EXERCISE DETAILS
All of the lines below need to be copied exactly, apart from the pictures.

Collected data

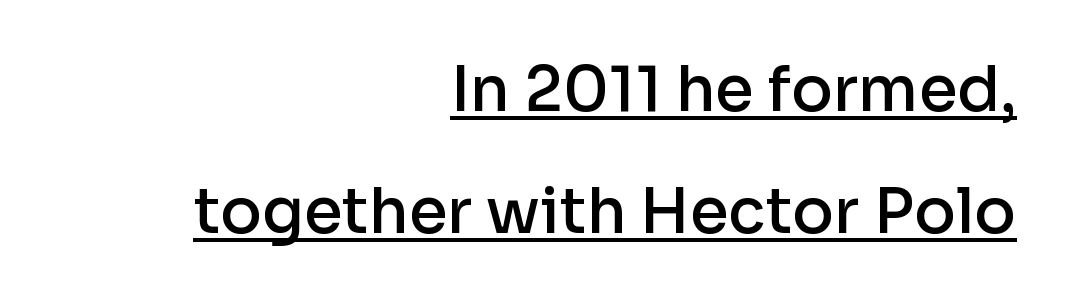
{"serif": "no", "italic": "no", "bold": "semi", "weight": "semibold", "width": "normal", "stroke_contrast": "low", "x_height": "medium", "monospaced": "no", "underline": "yes", "align": "right", "line_spacing": "loose", "line_spacing_ratio": 1.96, "letter_spacing": "normal", "letter_spacing_em": 0.0, "glyph_px": 62}
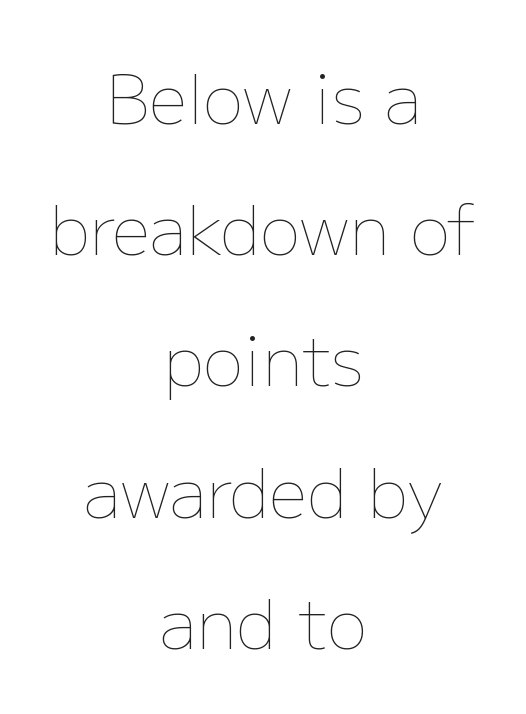
Q: Is the text bold? A: No.
Q: Is the text italic (slanted)? A: No, it is upright.
Q: Is the text underlined? A: No.
Q: How is the paragraph aligned? A: Centered.
Q: Is the spacing between letters normal or unusually wide? A: Normal.
Q: Is the spacing between lines tight, normal or loose? A: Loose.
Q: Width (condensed, normal, or wide)? A: Normal.
Q: Stroke contrast? A: Low.
Q: x-height? A: Medium.
Q: Monospaced? A: No.
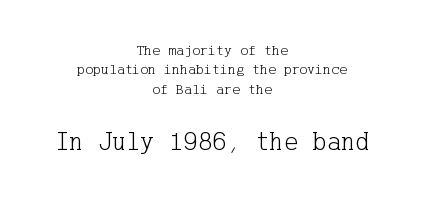
Is there much room between lines? A standard amount, neither cramped nor airy. The gap between lines stays unmarked. The font is comparable to plain body text, perhaps lighter. The tracking reads as untouched default to a designer's eye.
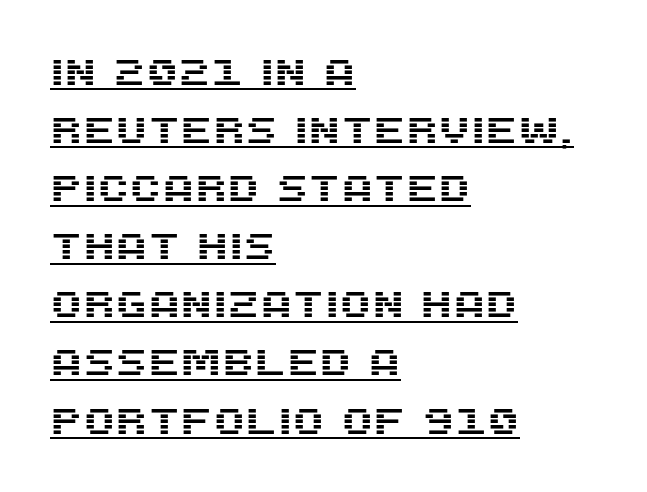
{"serif": "no", "italic": "no", "width": "normal", "stroke_contrast": "medium", "x_height": "large", "monospaced": "no", "underline": "yes", "align": "left", "line_spacing": "normal", "line_spacing_ratio": 1.57, "letter_spacing": "normal", "letter_spacing_em": 0.0, "glyph_px": 37}
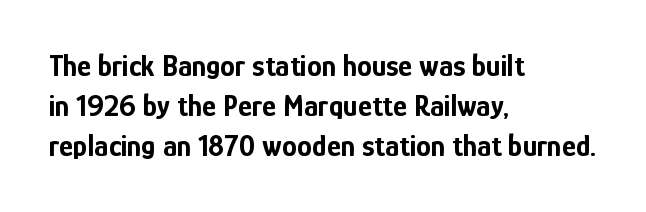
No feet cap the strokes, marking this as sans-serif type. Left-aligned paragraph, ragged on the right. Weight check: bold — yes, fully. It's the straight-up-and-down kind of type. Any mark beneath the type? The region is blank. Students, observe: this is what conventionally led text looks like.
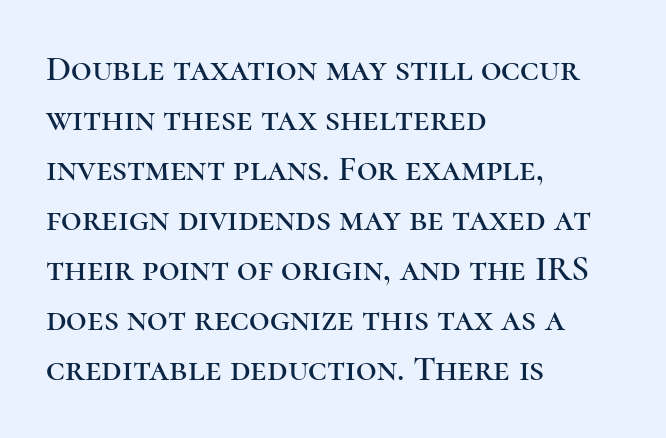
Q: Is the text italic (slanted)? A: No, it is upright.
Q: Is the typeface a serif or a sans-serif typeface? A: Serif.
Q: Is the text underlined? A: No.
Q: How is the paragraph aligned? A: Left-aligned.
Q: Is the spacing between letters normal or unusually wide? A: Normal.
Q: Is the spacing between lines tight, normal or loose? A: Normal.
Q: Width (condensed, normal, or wide)? A: Normal.
Q: Stroke contrast? A: High.
Q: x-height? A: Medium.
Q: Monospaced? A: No.
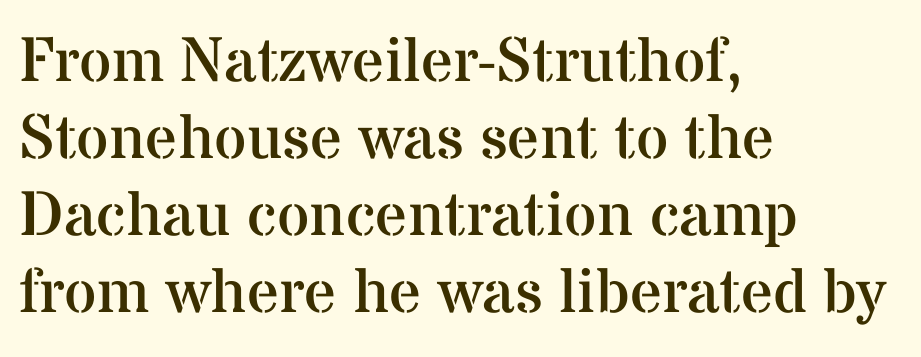
Q: Is the text bold? A: No.
Q: Is the text italic (slanted)? A: No, it is upright.
Q: Is the typeface a serif or a sans-serif typeface? A: Serif.
Q: Is the text underlined? A: No.
Q: How is the paragraph aligned? A: Left-aligned.
Q: Is the spacing between letters normal or unusually wide? A: Normal.
Q: Width (condensed, normal, or wide)? A: Normal.
Q: Stroke contrast? A: Medium.
Q: x-height? A: Medium.
Q: Monospaced? A: No.
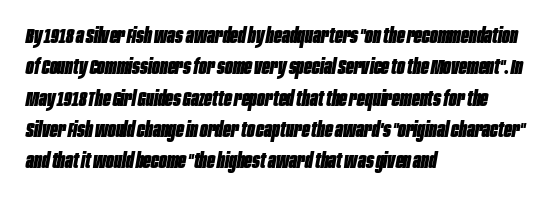
Q: Is the text bold? A: Yes.
Q: Is the text italic (slanted)? A: Yes, it leans right by about 10 degrees.
Q: Is the text underlined? A: No.
Q: How is the paragraph aligned? A: Left-aligned.
Q: Is the spacing between letters normal or unusually wide? A: Normal.
Q: Is the spacing between lines tight, normal or loose? A: Normal.
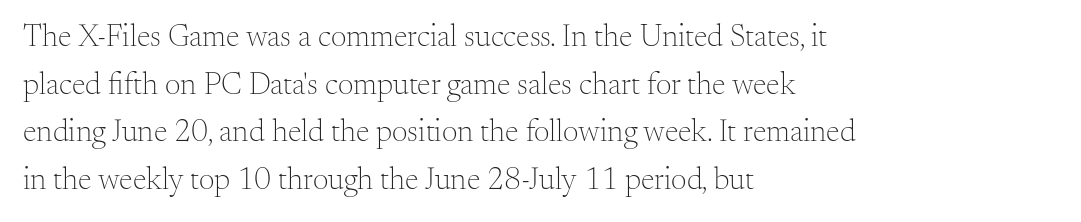
Q: Is the text bold? A: No.
Q: Is the text italic (slanted)? A: No, it is upright.
Q: Is the typeface a serif or a sans-serif typeface? A: Serif.
Q: Is the text underlined? A: No.
Q: How is the paragraph aligned? A: Left-aligned.
Q: Is the spacing between letters normal or unusually wide? A: Normal.
Q: Is the spacing between lines tight, normal or loose? A: Normal.
Q: Width (condensed, normal, or wide)? A: Normal.
Q: Stroke contrast? A: Medium.
Q: x-height? A: Small.
Q: Monospaced? A: No.
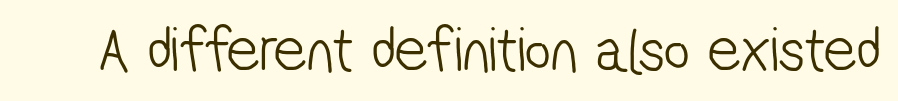
The image shows 64 px light, condensed sans-serif type; set normal letter spacing, not underlined; low stroke contrast and a medium x-height.
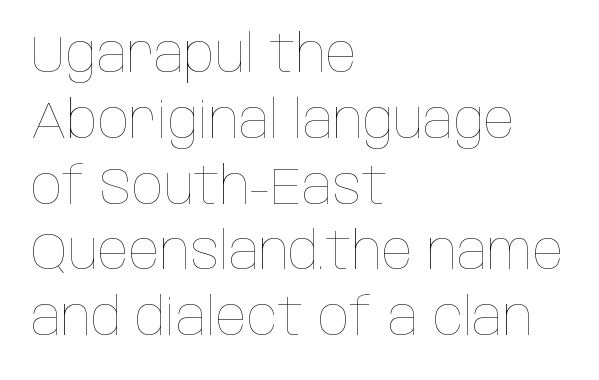
Q: Is the text bold? A: No.
Q: Is the text italic (slanted)? A: No, it is upright.
Q: Is the text underlined? A: No.
Q: How is the paragraph aligned? A: Left-aligned.
Q: Is the spacing between letters normal or unusually wide? A: Normal.
Q: Is the spacing between lines tight, normal or loose? A: Normal.
Q: Width (condensed, normal, or wide)? A: Condensed.
Q: Stroke contrast? A: Low.
Q: x-height? A: Large.
Q: Monospaced? A: No.
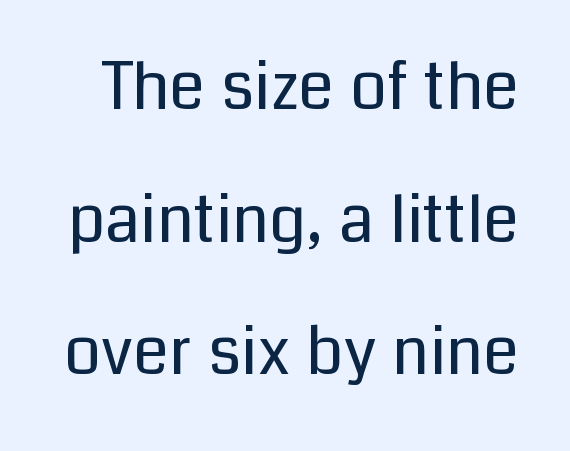
Q: Is the text bold? A: No.
Q: Is the text italic (slanted)? A: No, it is upright.
Q: Is the typeface a serif or a sans-serif typeface? A: Sans-serif.
Q: Is the text underlined? A: No.
Q: Is the spacing between letters normal or unusually wide? A: Normal.
Q: Is the spacing between lines tight, normal or loose? A: Loose.
Q: Width (condensed, normal, or wide)? A: Normal.
Q: Stroke contrast? A: Low.
Q: x-height? A: Medium.
Q: Monospaced? A: No.
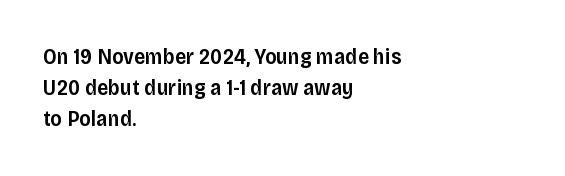
This is moderately heavy type, rendered in semibold. No extra tracking has been applied to these lines. Alignment: flush left. Leading matches the norm, producing a regular column.

RESPONSE BOX
{"serif": "no", "italic": "no", "bold": "semi", "weight": "semibold", "width": "normal", "stroke_contrast": "low", "x_height": "medium", "monospaced": "no", "underline": "yes", "align": "right", "line_spacing": "loose", "line_spacing_ratio": 1.96, "letter_spacing": "normal", "letter_spacing_em": 0.0, "glyph_px": 62}
Q: Is the text bold? A: No.
Q: Is the text italic (slanted)? A: No, it is upright.
Q: Is the text underlined? A: No.
Q: How is the paragraph aligned? A: Centered.
Q: Is the spacing between letters normal or unusually wide? A: Normal.
Q: Is the spacing between lines tight, normal or loose? A: Loose.
Q: Width (condensed, normal, or wide)? A: Normal.
Q: Stroke contrast? A: Low.
Q: x-height? A: Medium.
Q: Monospaced? A: No.
Is there much room between lines? A standard amount, neither cramped nor airy. The gap between lines stays unmarked. The font is comparable to plain body text, perhaps lighter. The tracking reads as untouched default to a designer's eye.
{"serif": "no", "italic": "no", "width": "normal", "stroke_contrast": "medium", "x_height": "large", "monospaced": "no", "underline": "yes", "align": "left", "line_spacing": "normal", "line_spacing_ratio": 1.57, "letter_spacing": "normal", "letter_spacing_em": 0.0, "glyph_px": 37}
No feet cap the strokes, marking this as sans-serif type. Left-aligned paragraph, ragged on the right. Weight check: bold — yes, fully. It's the straight-up-and-down kind of type. Any mark beneath the type? The region is blank. Students, observe: this is what conventionally led text looks like.
Q: Is the text italic (slanted)? A: No, it is upright.
Q: Is the typeface a serif or a sans-serif typeface? A: Serif.
Q: Is the text underlined? A: No.
Q: How is the paragraph aligned? A: Left-aligned.
Q: Is the spacing between letters normal or unusually wide? A: Normal.
Q: Is the spacing between lines tight, normal or loose? A: Normal.
Q: Width (condensed, normal, or wide)? A: Normal.
Q: Stroke contrast? A: High.
Q: x-height? A: Medium.
Q: Monospaced? A: No.
Q: Is the text bold? A: No.
Q: Is the text italic (slanted)? A: No, it is upright.
Q: Is the typeface a serif or a sans-serif typeface? A: Serif.
Q: Is the text underlined? A: No.
Q: How is the paragraph aligned? A: Left-aligned.
Q: Is the spacing between letters normal or unusually wide? A: Normal.
Q: Width (condensed, normal, or wide)? A: Normal.
Q: Stroke contrast? A: Medium.
Q: x-height? A: Medium.
Q: Monospaced? A: No.
Q: Is the text bold? A: Yes.
Q: Is the text italic (slanted)? A: Yes, it leans right by about 10 degrees.
Q: Is the text underlined? A: No.
Q: How is the paragraph aligned? A: Left-aligned.
Q: Is the spacing between letters normal or unusually wide? A: Normal.
Q: Is the spacing between lines tight, normal or loose? A: Normal.
Q: Is the text bold? A: No.
Q: Is the text italic (slanted)? A: No, it is upright.
Q: Is the typeface a serif or a sans-serif typeface? A: Serif.
Q: Is the text underlined? A: No.
Q: How is the paragraph aligned? A: Left-aligned.
Q: Is the spacing between letters normal or unusually wide? A: Normal.
Q: Is the spacing between lines tight, normal or loose? A: Normal.
Q: Width (condensed, normal, or wide)? A: Normal.
Q: Stroke contrast? A: Medium.
Q: x-height? A: Small.
Q: Monospaced? A: No.
The image shows 64 px light, condensed sans-serif type; set normal letter spacing, not underlined; low stroke contrast and a medium x-height.
Q: Is the text bold? A: No.
Q: Is the text italic (slanted)? A: No, it is upright.
Q: Is the text underlined? A: No.
Q: How is the paragraph aligned? A: Left-aligned.
Q: Is the spacing between letters normal or unusually wide? A: Normal.
Q: Is the spacing between lines tight, normal or loose? A: Normal.
Q: Width (condensed, normal, or wide)? A: Condensed.
Q: Stroke contrast? A: Low.
Q: x-height? A: Large.
Q: Monospaced? A: No.
Q: Is the text bold? A: No.
Q: Is the text italic (slanted)? A: No, it is upright.
Q: Is the typeface a serif or a sans-serif typeface? A: Sans-serif.
Q: Is the text underlined? A: No.
Q: Is the spacing between letters normal or unusually wide? A: Normal.
Q: Is the spacing between lines tight, normal or loose? A: Loose.
Q: Width (condensed, normal, or wide)? A: Normal.
Q: Stroke contrast? A: Low.
Q: x-height? A: Medium.
Q: Monospaced? A: No.
This is moderately heavy type, rendered in semibold. No extra tracking has been applied to these lines. Alignment: flush left. Leading matches the norm, producing a regular column.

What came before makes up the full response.